Non-indigenous species (NIS) are those that have been transported from their native range through human action into a novel geographic location. The impacts of NIS are well documented and they can pose a severe threat to natural ecological systems, agriculture, biodiversity and human health (Bax et al. 2003; Lovell, Stone & Fernandez 2006; Ricciardi et al. 2013; Mazza et al. 2014). Most marine NIS have spread globally via vectors such as transoceanic shipping, aquaculture, the construction of canals interconnecting large water bodies and capture aquarium industry (Molnar et al. 2008; Nunes et al. 2014). At fine (10s of km) geographical scales, other vectors such as recreational boating significantly enhance the spread and subsequent impact of NIS (Clarke Murray et al. 2011). Along coastal areas, NIS studies have highlighted the importance of monitoring marinas and harbours (Ashton et al. 2006), as these are hotspots of NIS. In these habitats, sessile marine NIS often outcompete native species and dominate artificial hard substrata (Glasby et al. 2007; Dafforn et al. 2009). Marinas and harbours have distinct ecological and physico-chemical conditions compared to the surrounding natural environment (Rivero et al. 2013; Foster et al. 2016). Consequently, there is a need for specific sampling and surveying protocols to study both native and NIS in these ecologically distinct environments.
The detection of NIS has been performed traditionally by surveys standardised by time or by reaching a species discovery asymptote (Ashton et al. 2006; Campbell, Gould & Hewitt 2007; Bishop et al. 2015). Moreover, traditional NIS surveys require expert taxonomic skills that are inherently time consuming and are not typically amenable to automation (Darling et al. 2017). In addition, the results of such surveys reflect only species that are being targeted at the time, with no ability to retrospectively separate erroneously grouped species in light of new discoveries.
This is particularly important considering that between 9,000-35,000 marine species (2.7% of the total number of estimated marine species) are cryptic (i.e., morphologically similar but genetically distinct) (Appeltans et al. 2012). Indeed, many common global sessile marine invaders are morphologically indistinguishable and contain cryptic lineages as revealed by genetic studies, highlighting the need for the use of genetic tools to accurately assess species invasions (Pérez-Portela et al. 2013; Rius et al. 2017). The use of eDNA as monitoring tool of NIS has great potential, mainly because it tackles limitations of the existing biodiversity monitoring tools.

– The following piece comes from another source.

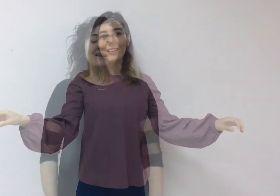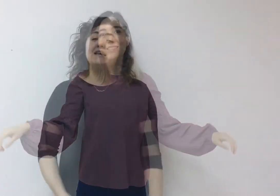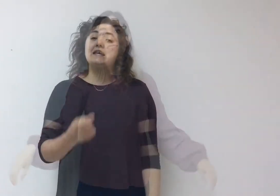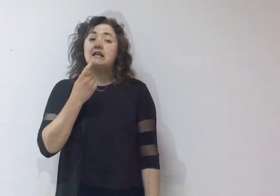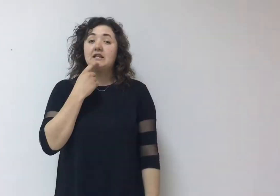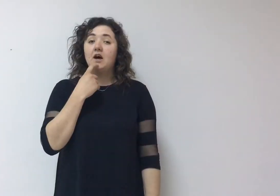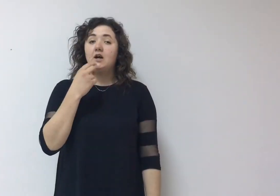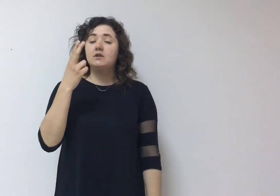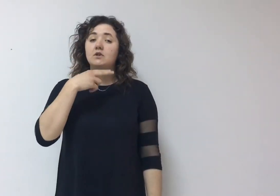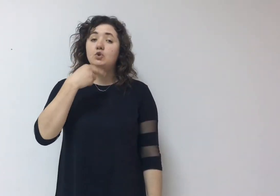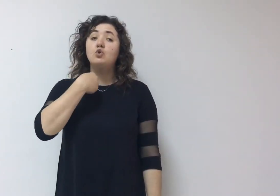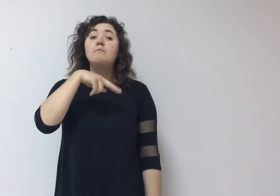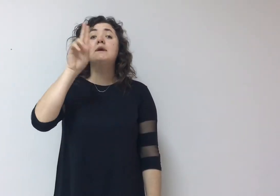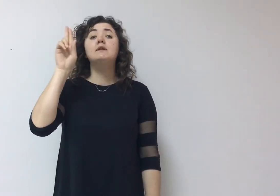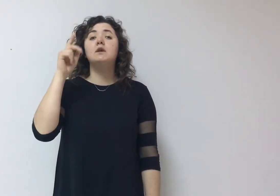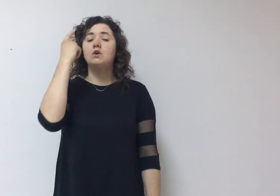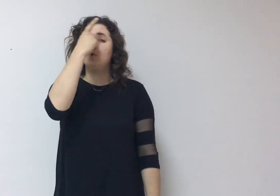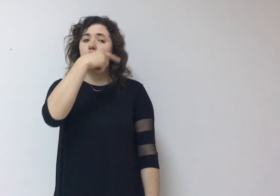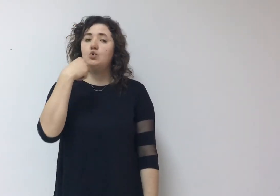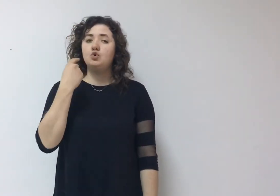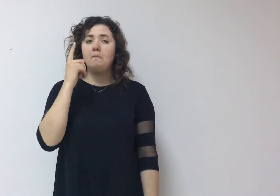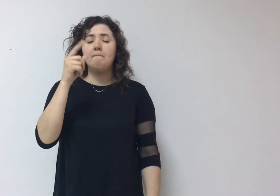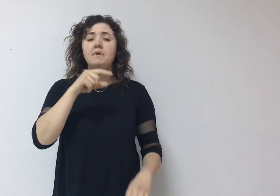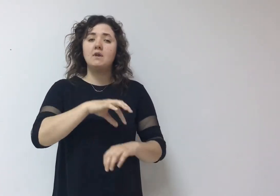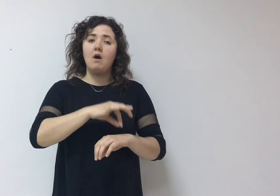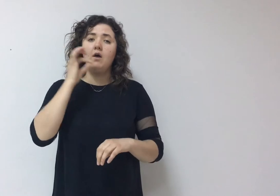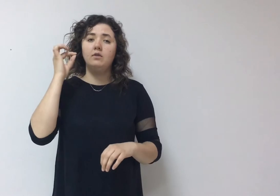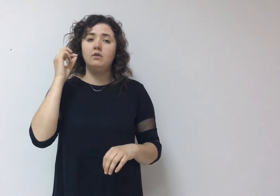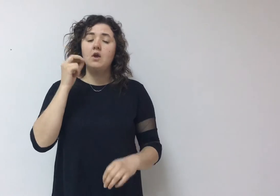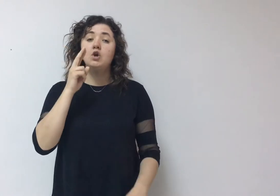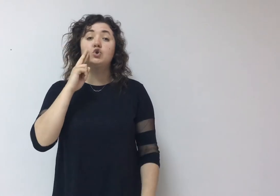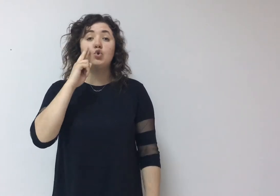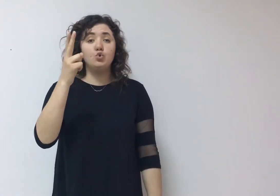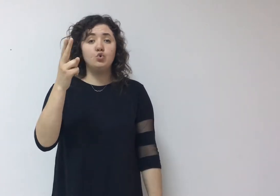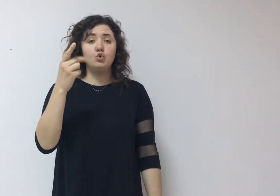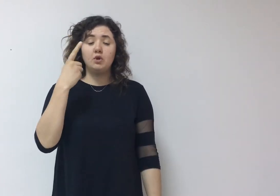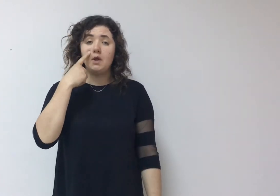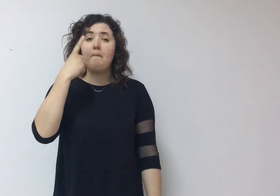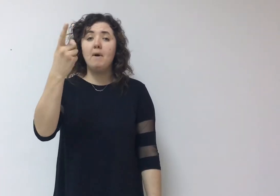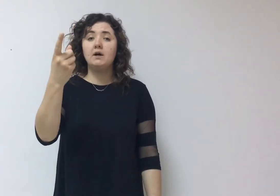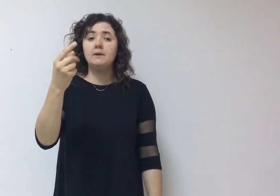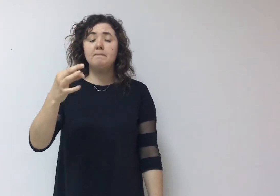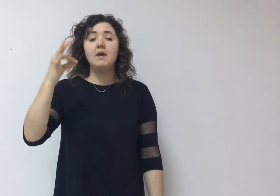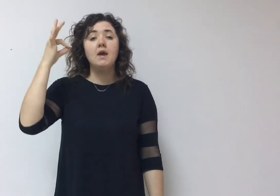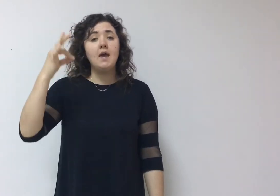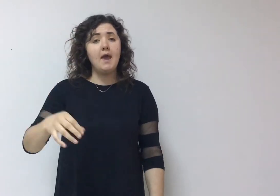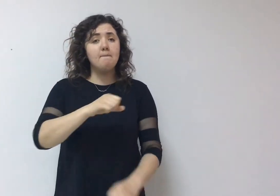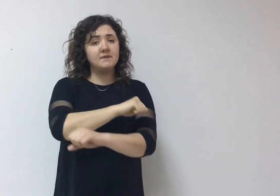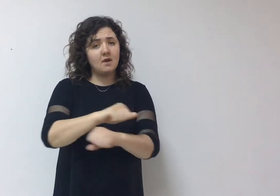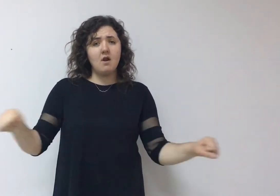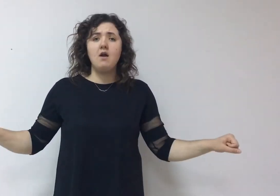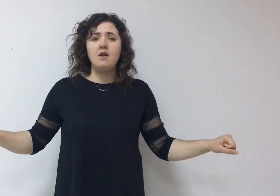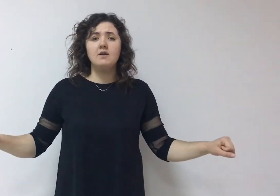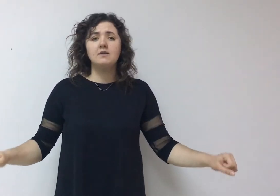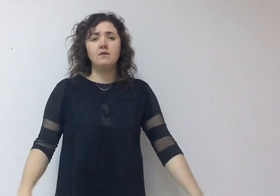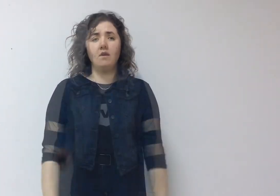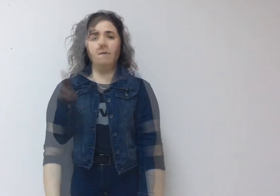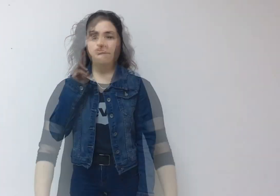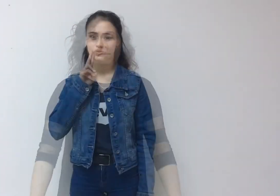ziyan. Yıllardır gülmedi yüzüm bir an, sonunda baktım ki zararlı ziyan.

Here we tested the efficacy of eDNA metabarcoding for exploring the biodiversity of several distinct marinas. We first documented the differences in both alpha and beta diversity of different eDNA sample types (seawater and sediment). We then compared the eDNA metabarcoding results with traditional methods and identified a number of key NIS that are both introduced in the study region and / or elsewhere. Subsequently, we identified a number of previously unrecorded NIS in the study region. Finally we discuss the strengths and weaknesses of eDNA metabarcoding for detecting marine NIS.
Methods
Study sites
Four marinas were selected from around the United Kingdom to represent variation in modelled invasion potential (Pearce, Peeler & Stebbing 2012), known NIS present (Bishop et al. 2015) and surrounding benthic habitat type (Calewaert et al. 2016). Importantly, all chosen marinas have been surveyed previously for NIS and so there is a good understanding of the expected NIS in these areas (Wood, Bishop & Yunnie 2015a; b; Wood et al. 2016). Marina access was contingent on anonymity and so marina names and exact locations are not presented, Fig.1a shows approximate locations. Marina TQ is an open marina subject to tides and varying salinity located in Southampton Water on the north coast of the English Channel. Marina PQ is a loch marina open during high tide to the Bristol Channel and the Celtic Sea. Marina TB is located at the mouth of the River Blackwater open to the North Sea. Marina HH is located on the Isle of Anglesey and is open to the Celtic Sea.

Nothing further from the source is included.